Несломленный репрессиями Глава 9

Фархад Аскеров Рамизоглы
Приближался 1937 год. Машина репрессий, пущенная в ход в центре, набирала силу и взяла разгон именно в Азербайджане; колесо завертелось с бешеной быстротой, остановить его было невозможно. Здесь искали и оперативно находили врагов. Впрочем, искать было недолго. Страшные пугала – «пантюркизм» и «панисламизм» довлели над людьми, всегда были под рукой. Власти не утруждали себя поисками истинных врагов. Читаешь книги с арабским шрифтом – панисламист, употребил в речи исконно азербайджанское словосочетание – пантюркист, переписываешься с зарубежными родственниками – злостный агент мирового империализма и т.д. Невероятные, не укладывающиеся в сознании обвинения. В Азербайджане органы политического сыска проявили огромное усердие. Количество репрессированных позволяет говорить об аморальности деятельности правоохранительных органов. Если бы в середине и конце 30-х годов чекисты пользовались такими понятиями, как благоразумие и проницательность, жертв могло бы не быть или быть хотя бы меньше. Но здесь выпячивались: смотрите, мол, не придирайтесь к нам, перевыполняем все «нормы» по чистке общества от вредных элементов, еще немного и республика освободится от социально опасных саботажников и врагов всех мастей.

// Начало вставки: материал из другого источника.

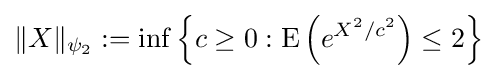
\Vert X\Vert _{\psi _{2}}:=\inf \left\{c\geq 0:\mathrm {E} \left(e^{X^{2}/c^{2}}\right)\leq 2\right\}
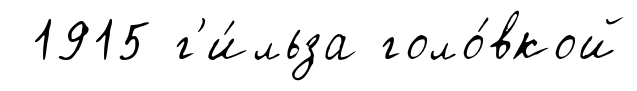
1915 г'и́льза голо́вкой
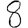
Digit: 8
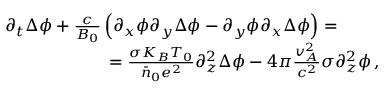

30-е годы неправильно было бы понимать, как десять календарных лет. Эти годы – форма мышления, до конца не изжитая еще и в наши дни. В отдельных случаях она проявляется и сегодня. Психологический климат тех лет давил человека, давал о себе знать. Самое страшное заключалось в том, что под жернова репрессий и депортаций попадали не только те, кого власти избрали в качестве мишени для стрельбы, но и члены их семей – престарелые родители и только появившиеся на свет дети. Память первых и судьбы вторых не перестают волновать всех, кому дорога правда об истории нашего народа. Жизнь прошедших через 30-е годы нужна, прежде всего, молодым и представителям среднего поколения, нужна она сейчас для нравственного оздоровления нации.
После освобождения из баиловских застенков перед Абдурахманом не стояла проблема выбора рода занятий. Приобщение к профессии зубного врача состоялось до того, как он изведал ужасы сибирского лесоповала и Беломорканала. Приобретенные навыки и природная любознательность привели Абдурахмана в техникум, где он овладел секретами специальности и вырос в первоклассного мастера в своем деле. Закончив курсы, он стал работать в поликлинике. Тогда дипломированных специалистов в азербайджанской глубинке было не так уж много. А истинных мастеров – еще меньше. Поэтому отбоя от пациентов не было. Два года, проведенные в Нахчыване, любимая работа несколько стерли из памяти перипетии прошлого, стали забываться кошмары концлагеря и «великой стройки». Неумолимо надвигался 37-й год, пожалуй, самый страшный год в истории поколения, к которому принадлежал Абдурахман.
Три года, проведенные на свободе, не прошли бесследно для Абдурахмана. Он обзавелся новой семьей, продолжил работу как зубной врач. Постепенно тени прошлого отступали, обязательство перед близкими вынуждало напряженно и много трудиться. Абдурахману, как и миллионам других, было невдомек, что скоро наступившее спокойствие обернется неисчислимыми бедствиями, по сравнению с которыми Беломорканал будет казаться чем-то более справедливым наказанием. На рытье канала он был один, теперь же с ним вместе страдала семья.
Тучи сгущались с каждым днем. Приходили противоречивые сообщения об арестах и обысках. Сотни людей исчезали в подвалах местных отделений внутренних дел. Гроза пока обходила стороной Абдурахмана, жившего в Нахчыване. Но какое-то гнетущее чувство не покидали его, по ночам снились кошмары пройденного и холодный пот покрывал лоб Абдурахмана. Страха не было, неопределенность дальнейшего заставляла вздрагивать и с опаской поглядывать на дверь собственного дома. Скоро наступила развязка. Причем, как всегда, неожиданность и быстрота свершившегося спутала все карты, оставила незавершенными массу дел, круто и навсегда перевернула судьбу Абдурахмана и всех его домочадцев.